I've been there. Right now, I'm one of the EXCEPTIONALLY LUCKY in that I'm a 40-something who's in a Unviersity job. (We don't have tenure where I am, but it's a small teaching-oriented liberal arts college of exactly the sort I always wanted to teach at.) But, I've been in the position of trying to find a job and not being able to, and of being on the tenure track with certainty that I was going to get turned down because I couldn't get money out of highly overtaxed funding agencies. And I felt like a complete, worthless failure, somebody who's life didn't add up to a damn thing, somebody who couldn't do anything. THAT is how a PhD (mine is in Physics) turns you into a horrible person.
I must study politics and war, that my sons may have the liberty to study mathematics and philosophy, natural history and naval architecture, in order to give their children a right to study painting, poetry, music, architecture, tapestry, and porcelain.
- John Adams
As someone who was told this 20 years ago but saw through it, let me say that there is plenty of room for literature majors in private industry -- the trick is to not believe everything you're told by the university literature culture, and keep those social connections outside of the field. There are also a significant number of positions available for decent pay within academia, as long as you don't mind not working in the field that stems directly out of your thesis.
Part of the problem is that many literature majors get their PhD and feel like they have arrived and deserve the tenure track positions -- when there's really only a limited market compared to the number of people seeking those positions. BUT, with a bit more education in linguistics, design, computing science, or a number of other areas, suddenly you're someone who can land anything from an administrative job designing courses for ESL schools, to a community college languages head (they love to get people with a PhD and diverse training) to work at a marketing or communications firm, to a research job at a tech firm.
These positions will make anywhere from $48-120K as a starting salary.

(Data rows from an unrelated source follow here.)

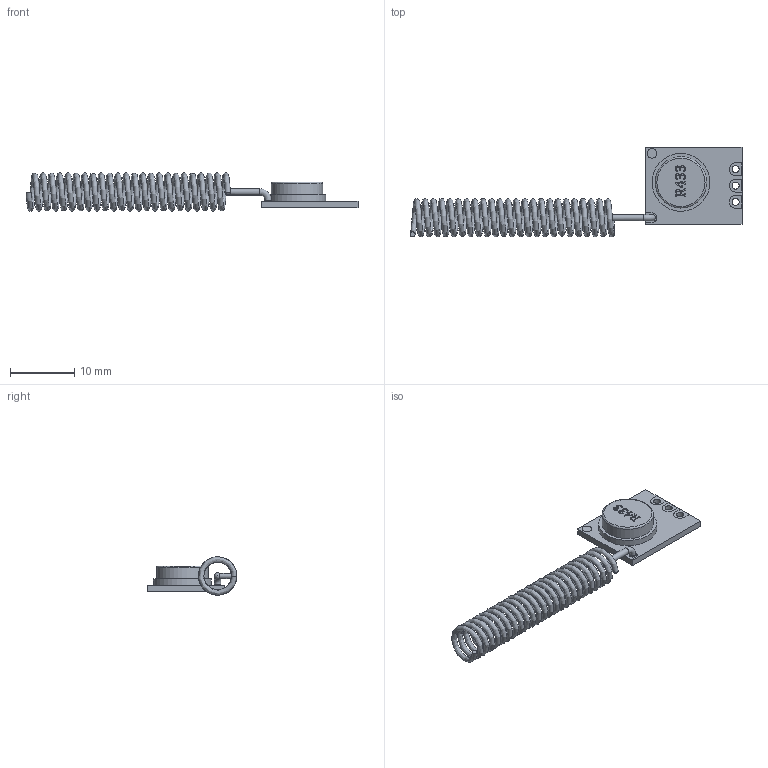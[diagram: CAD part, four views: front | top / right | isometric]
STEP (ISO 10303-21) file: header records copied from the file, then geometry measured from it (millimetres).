
FILE_DESCRIPTION(/* description */ (''),/* implementation_level */ '2;1');
FILE_NAME(/* name */ 'NiceRF_transmitter v3.step',/* time_stamp */ '2024-01-14T13:18:00+01:00',/* author */ (''),/* organization */ (''),/* preprocessor_version */ 'ST-DEVELOPER v20',/* originating_system */ 'Autodesk Translation Framework v12.14.0.127',/* authorisation */ '');
FILE_SCHEMA (('AUTOMOTIVE_DESIGN { 1 0 10303 214 3 1 1 }'));
Length unit declared in the file: millimetre
Products named in the file (1): NiceRF_transmitter
Bounding box: 51.65 x 14 x 5.98 mm (x, y, z)
Volume: 545.1 mm3; surface area: 1666.7 mm2
Topology: 8 solids, 8 shells, 218 faces, 591 edges, 394 vertices
Faces by surface type: bspline 107, plane 89, cylinder 18, torus 2, sphere 2
Full cylindrical faces by diameter (mm): 0.8 x1, 1 x4, 1.1 x6, 1.5 x1, 8 x1, 9 x1
Entity records: 11423 total; most frequent: CARTESIAN_POINT 6553, ORIENTED_EDGE 1178, DIRECTION 643, EDGE_CURVE 589, VERTEX_POINT 394, LINE 317, VECTOR 317, EDGE_LOOP 241

The trick is to remember to balance literature research with real life. It can be done. I know a number of people from the field who have done it, and thrived.
> People who want to study useless $H!T like art and literature should do so on their own dime and make sure they have a plan to earn a basic income of their own.

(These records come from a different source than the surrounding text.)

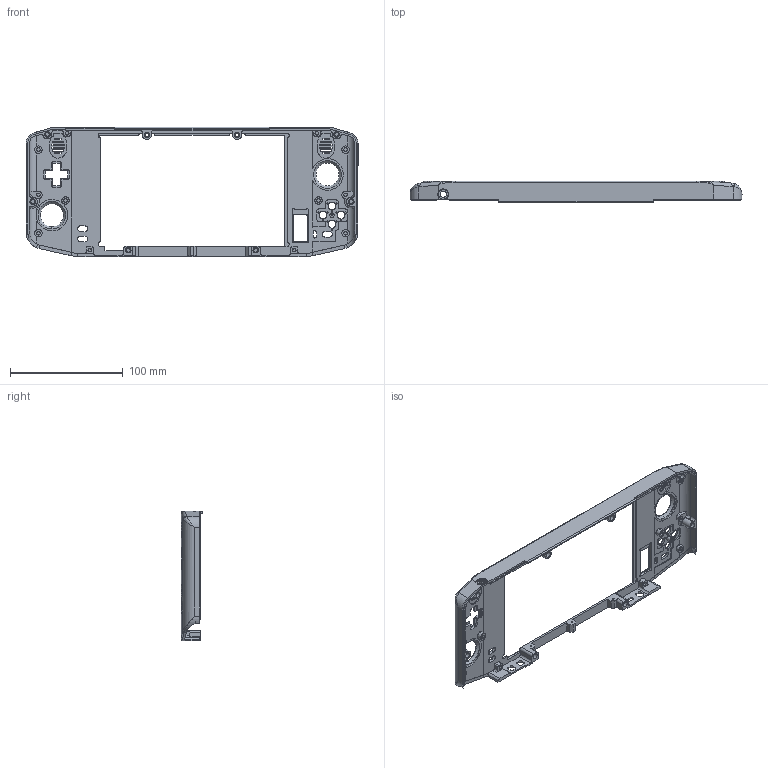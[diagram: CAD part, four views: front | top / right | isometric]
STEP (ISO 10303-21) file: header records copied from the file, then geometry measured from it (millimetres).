
FILE_DESCRIPTION (( 'STEP AP214' ), '1' );
FILE_NAME ('Housing Front.STEP', '2023-08-06T23:48:32', ( '' ), ( '' ), 'SwSTEP 2.0', 'SolidWorks 2021', '' );
FILE_SCHEMA (( 'AUTOMOTIVE_DESIGN' ));
Length unit declared in the file: millimetre
Products named in the file (1): Housing Front
Bounding box: 294 x 19 x 115 mm (x, y, z)
Volume: 66272.6 mm3; surface area: 54728.2 mm2
Topology: 1 solids, 1 shells, 767 faces, 2115 edges, 1385 vertices
Faces by surface type: cylinder 376, plane 342, bspline 35, cone 14
Entity records: 30422 total; most frequent: CARTESIAN_POINT 10869, ORIENTED_EDGE 4222, DIRECTION 3981, EDGE_CURVE 2111, AXIS2_PLACEMENT_3D 1386, VERTEX_POINT 1385, VECTOR 1209, LINE 1209

I'm an electrical engineer and software developer, and I find your comment incredibly ignorant and offensive. Once a society gets above the level of mere subsistence, culture is pretty much the entire point of human existence. The extreme materialism and utilitarianism implied by your post shows how poor and undeveloped your worldview is.

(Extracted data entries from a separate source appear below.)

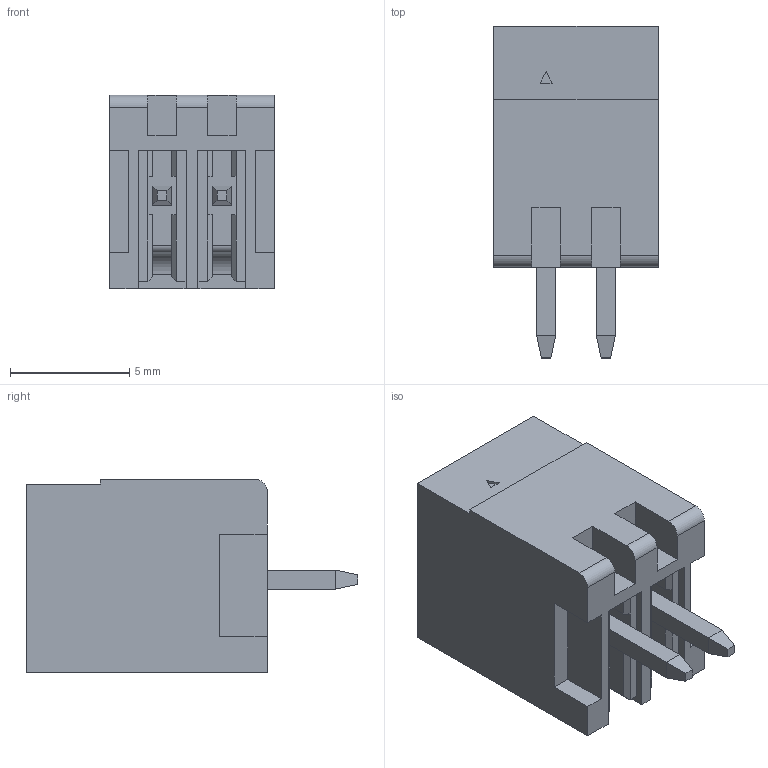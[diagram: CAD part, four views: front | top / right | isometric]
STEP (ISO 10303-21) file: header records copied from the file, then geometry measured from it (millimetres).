
FILE_DESCRIPTION (( 'STEP AP214' ), '1' );
FILE_NAME ('15EDGVC-2.5-02P-14-00AH.STEP', '2021-01-23T22:16:04', ( '' ), ( '' ), 'SwSTEP 2.0', 'SolidWorks 2020', '' );
FILE_SCHEMA (( 'AUTOMOTIVE_DESIGN' ));
Length unit declared in the file: millimetre
Products named in the file (1): 15EDGVC-2.5-02P-14-00AH
Bounding box: 6.9 x 13.9 x 8.1 mm (x, y, z)
Volume: 336.8 mm3; surface area: 772.9 mm2
Topology: 1 solids, 1 shells, 464 faces, 1244 edges, 814 vertices
Faces by surface type: plane 328, bspline 121, cylinder 11, torus 4
Entity records: 24037 total; most frequent: CARTESIAN_POINT 9980, ORIENTED_EDGE 2488, DIRECTION 1736, EDGE_CURVE 1244, LINE 956, VECTOR 956, VERTEX_POINT 814, EDGE_LOOP 498

"Politicians and diapers must be changed often, and for the same reason."
Holy cow, this comment is ignorant. I have a Ph.D. in literature from a top university. I got a job at a tenure-track, Research I university right out of graduate school -- which was a miracle in and of itself, given what jobs were out there at the time -- and after 5 years of living in a remote area far removed from friends and family, not to mention being underpaid, I decided to move back to the East coast to live closer to my family. I searched for another teaching job -- any teaching job: high school, public, private, tutoring -- for three years. What's available aren't "hundreds and thousands of education jobs in high schools or for tutoring or private schools" (did you just pull that out of your ass?) -- What's available are thousands of education jobs that 1) pay no benefits, 2) pay by course and generally below the poverty level, 3) are on a per-semester contract basis.
I'm now going into instructional technology, which has vastly greater prospects. The future of teaching -- high school or otherwise -- is in contingent labor, laborers who will be vastly undereducated in comparison to those from previous generations of teachers who were properly compensated and appreciated by students, parents, and their society at large.
Get a fucking clue, dude. Your private catholic high school experience does not remotely qualify you to claim some knowledge of the job industry for teachers.